Streit um KNDS-Beteiligung: Warum die Bundesregierung und der Rüstungskonzern blockieren
Gesa EigenwilligStreit um KNDS-Beteiligung: Warum die Bundesregierung und der Rüstungskonzern blockieren
Die Bundesregierung plant, einen 40-Prozent-Anteil an KNDS zu übernehmen, einem deutsch-französischen Rüstungskonzern. Die Verhandlungen zwischen Berlin und der Unternehmensführung von KNDS über die Modalitäten dieser Beteiligung sind jedoch ins Stocken geraten, wodurch sich der Abschluss der Vereinbarung verzögert.
KNDS entstand aus einem Joint Venture zwischen dem französischen Unternehmen Nexter und dem deutschen Hersteller Krauss-Maffei Wegmann (KMW).

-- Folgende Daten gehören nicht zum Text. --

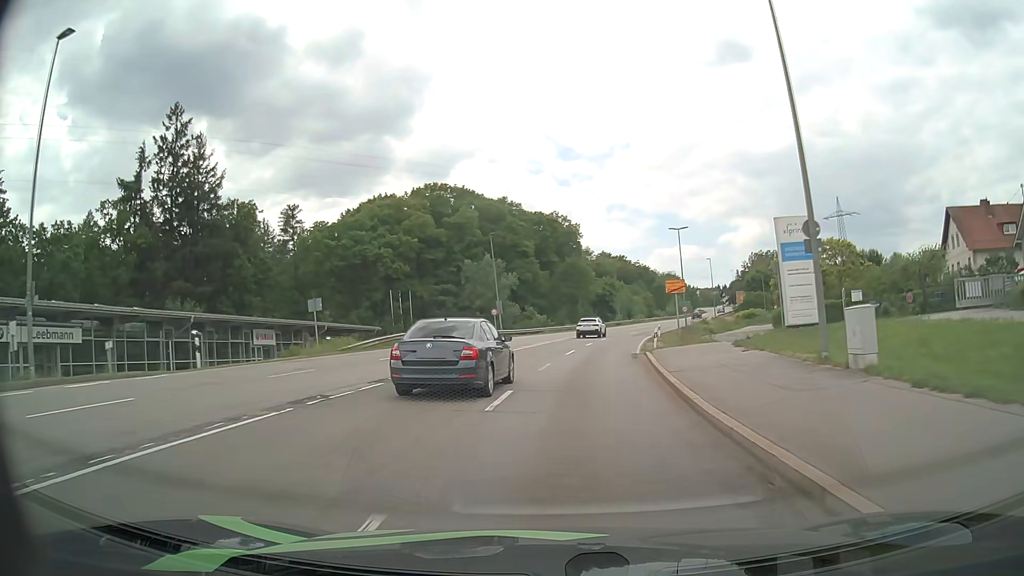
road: secondary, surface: asphalt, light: Day
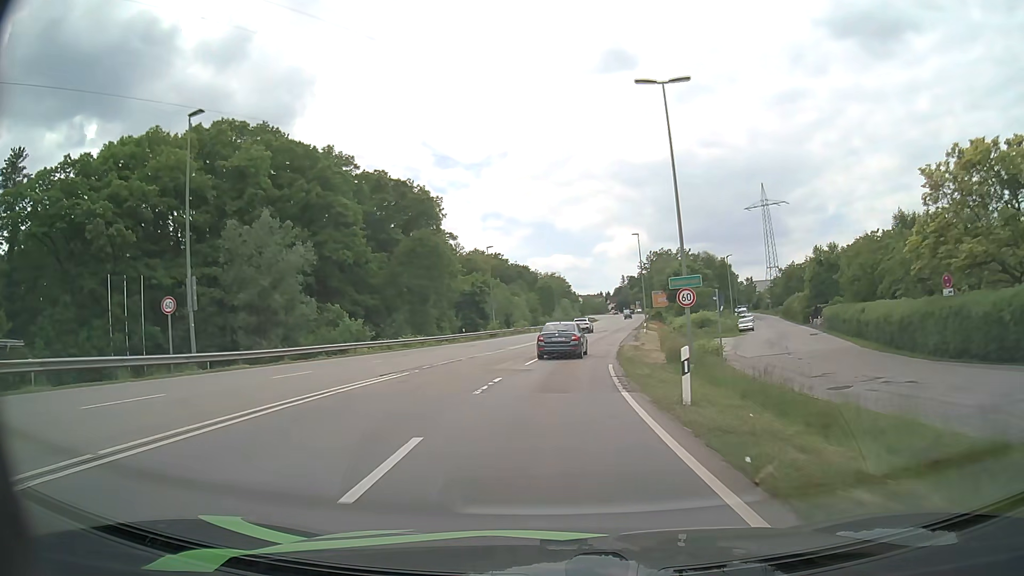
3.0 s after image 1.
(+3.8, +41.0) m; +10°
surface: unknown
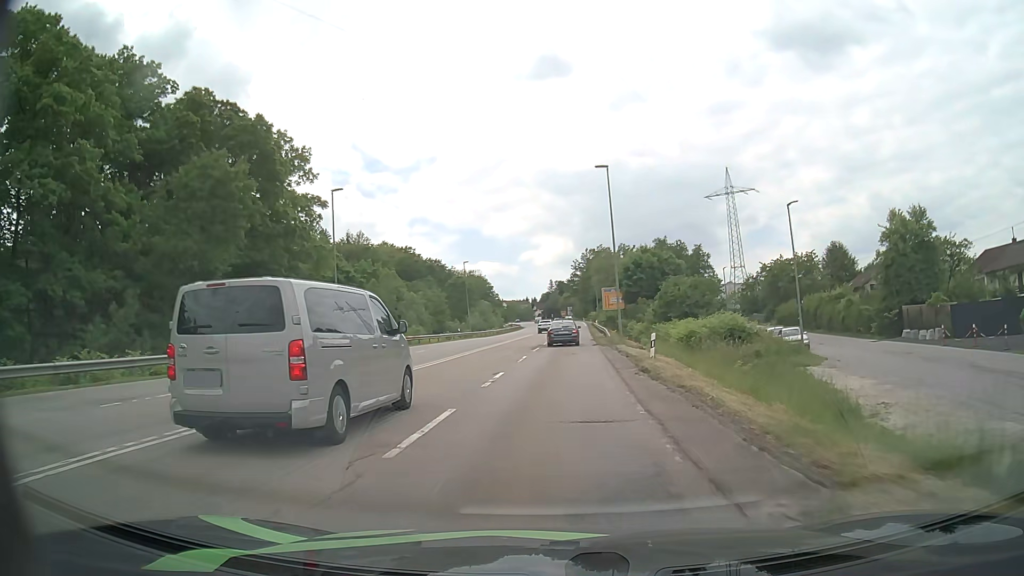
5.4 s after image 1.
(+2.1, +34.2) m; +6°
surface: asphalt
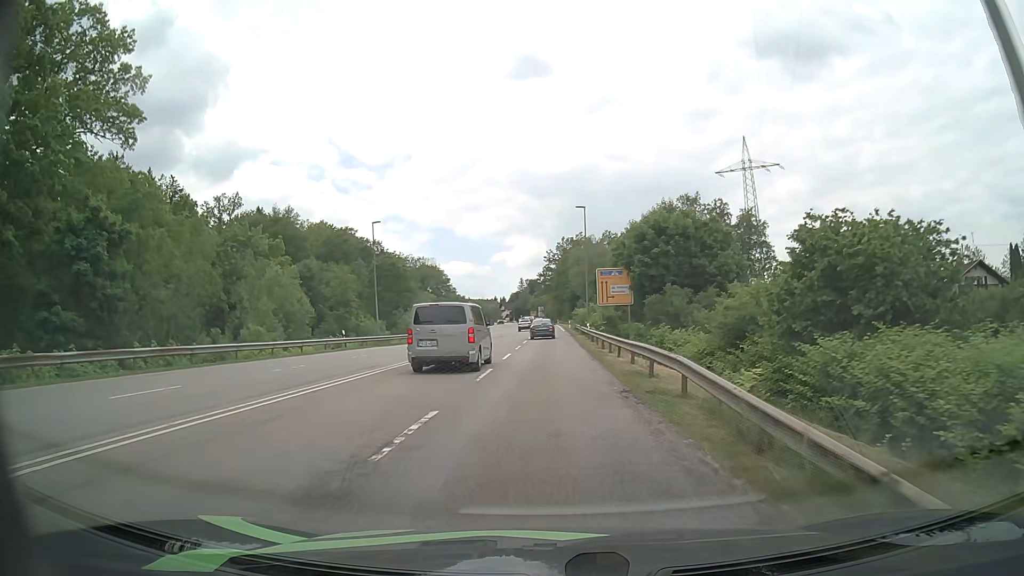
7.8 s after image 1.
(+1.1, +35.0) m; +3°
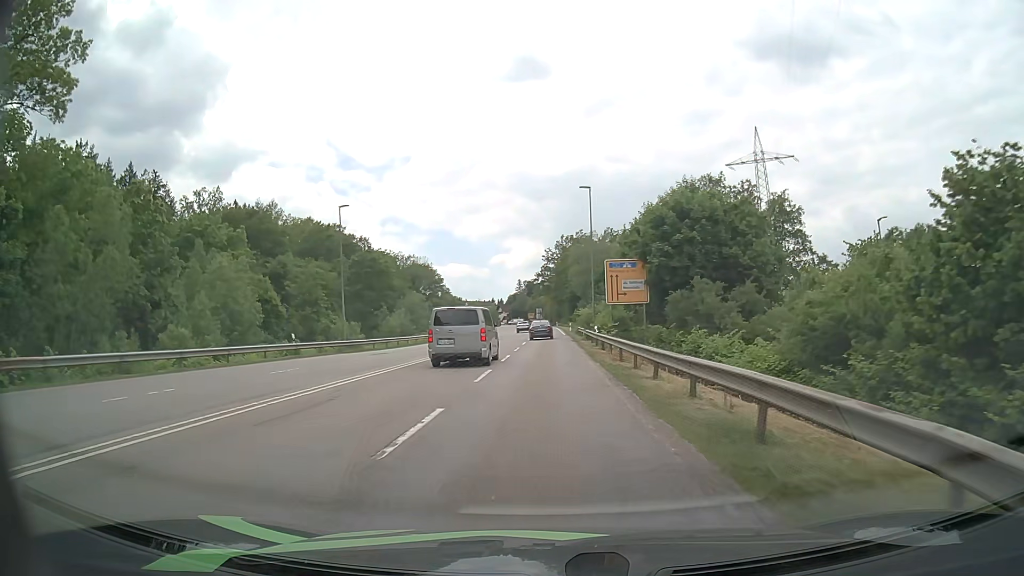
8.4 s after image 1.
(0.0, +8.8) m; 0°
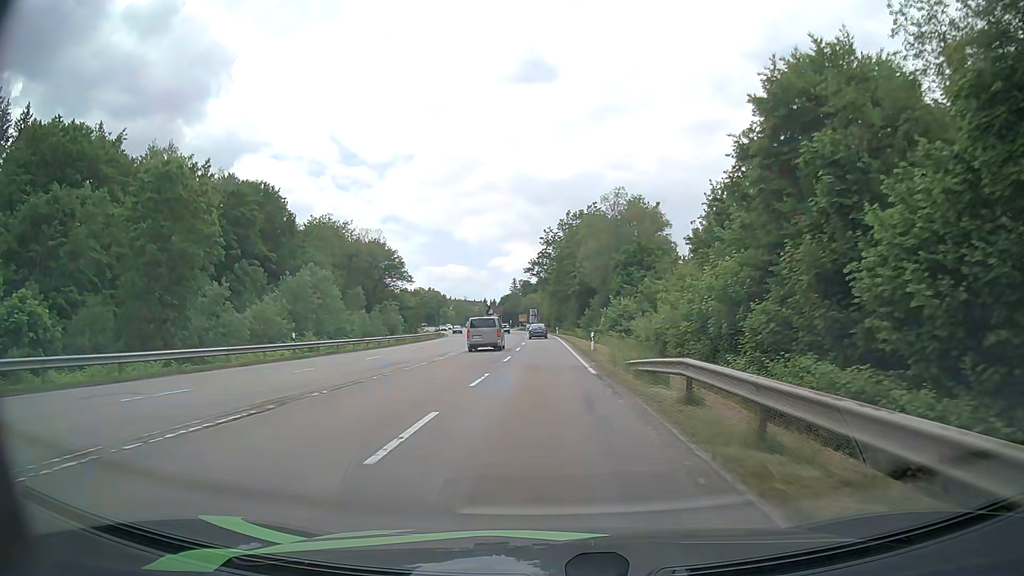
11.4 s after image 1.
(+0.1, +44.4) m; 0°
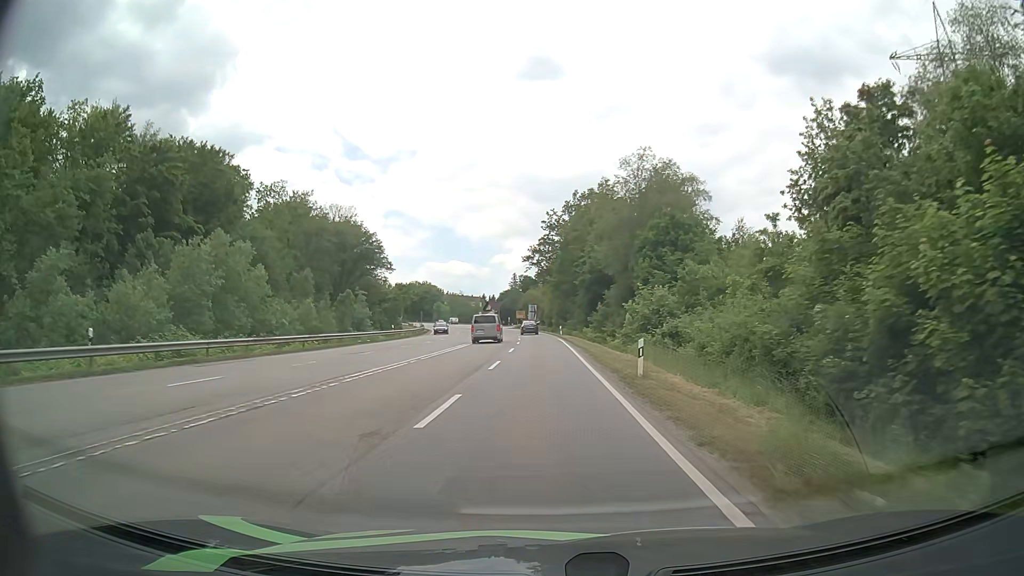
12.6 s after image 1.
(0.0, +17.8) m; 0°
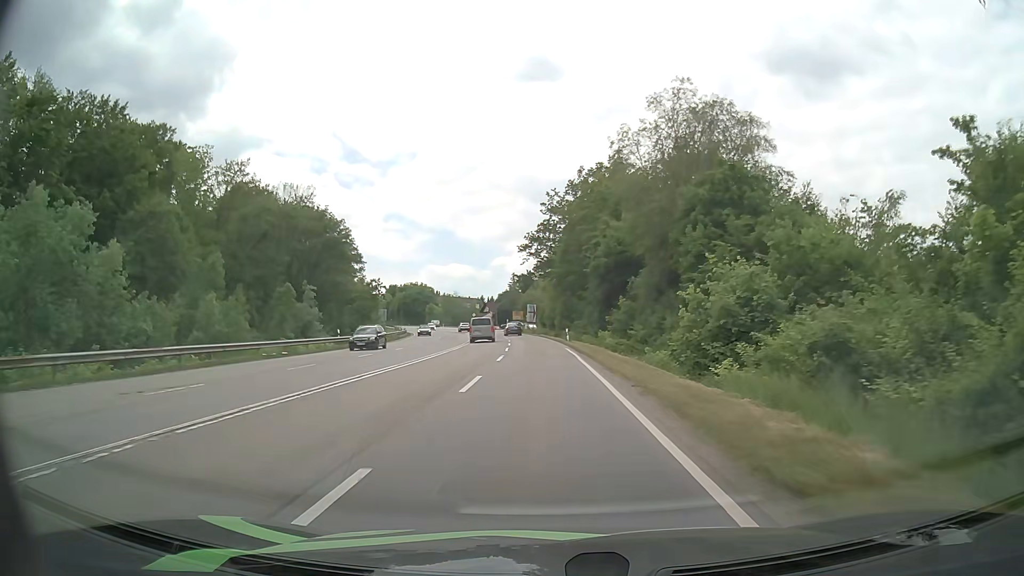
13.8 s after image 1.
(0.0, +17.8) m; 0°

Die komplexe Struktur des Konzerns hat bei Abgeordneten Bedenken ausgelöst, insbesondere in Bezug auf den Schutz sensibler Technologien. Es gibt Befürchtungen, dass es zu undichten Stellen bei Systemen wie dem Leopard-Kampfpanzer oder dem gepanzerten Fahrzeug Boxer kommen könnte.

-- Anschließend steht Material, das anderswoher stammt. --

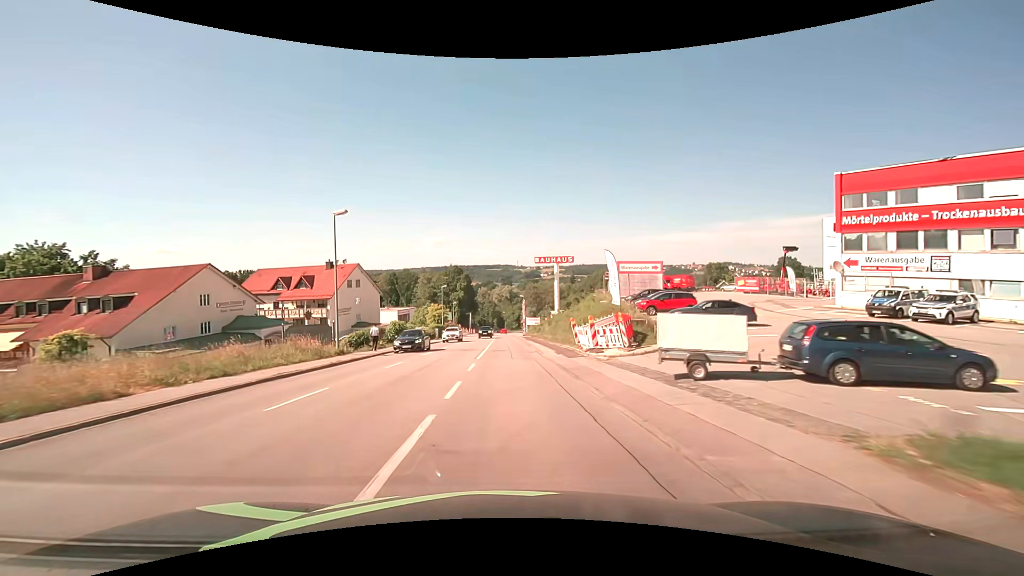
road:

Streit gibt es weiterhin darüber, wie viel Kontrolle der Staat über KNDS ausüben soll und wie die Integration mit dem französischen Partner gestaltet werden soll. Einige Abgeordnete der Koalitionsparteien SPD und CDU/CSU fordern weitreichende Vetorechte sowie Mitbestimmungsrechte bei der Besetzung von Führungspositionen. Zudem schlagen sie eine „Nur für deutsche Augen“-Regelung vor, die die Arbeit an von KMW entwickelten Waffensystemen ausschließlich deutschem Personal vorbehalten soll.
Die Unternehmensführung von KNDS hat die Forderung nach der „Nur für deutsche Augen“-Regelung als inakzeptabel zurückgewiesen. Gleichzeitig strebt das Unternehmen an, bis Mitte Juli an die Börse zu gehen, wofür zuvor die staatliche Beteiligung endgültig geklärt werden muss. Die Führungsebene präsentiert die Fusion als Schritt hin zu einer voll integrierten Unternehmensgruppe.

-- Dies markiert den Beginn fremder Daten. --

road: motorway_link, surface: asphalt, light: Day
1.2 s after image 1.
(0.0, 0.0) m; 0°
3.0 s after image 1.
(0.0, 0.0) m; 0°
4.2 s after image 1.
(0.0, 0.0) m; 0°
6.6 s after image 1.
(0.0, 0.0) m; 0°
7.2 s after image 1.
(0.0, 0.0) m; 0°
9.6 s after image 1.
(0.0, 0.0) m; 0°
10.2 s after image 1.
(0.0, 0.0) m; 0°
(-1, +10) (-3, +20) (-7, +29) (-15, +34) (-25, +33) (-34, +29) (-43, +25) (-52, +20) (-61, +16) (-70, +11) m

Die festgefahrenen Verhandlungen gefährden nun sowohl die geplante Staatsbeteiligung als auch den Börsengang von KNDS. Die Abgeordneten bestehen auf Schutzmechanismen, um sensible Technologien zu sichern und eine deutsche Aufsicht zu gewährleisten. Das Ergebnis der Auseinandersetzung wird die künftige Struktur und Führung des Rüstungskonzerns maßgeblich prägen.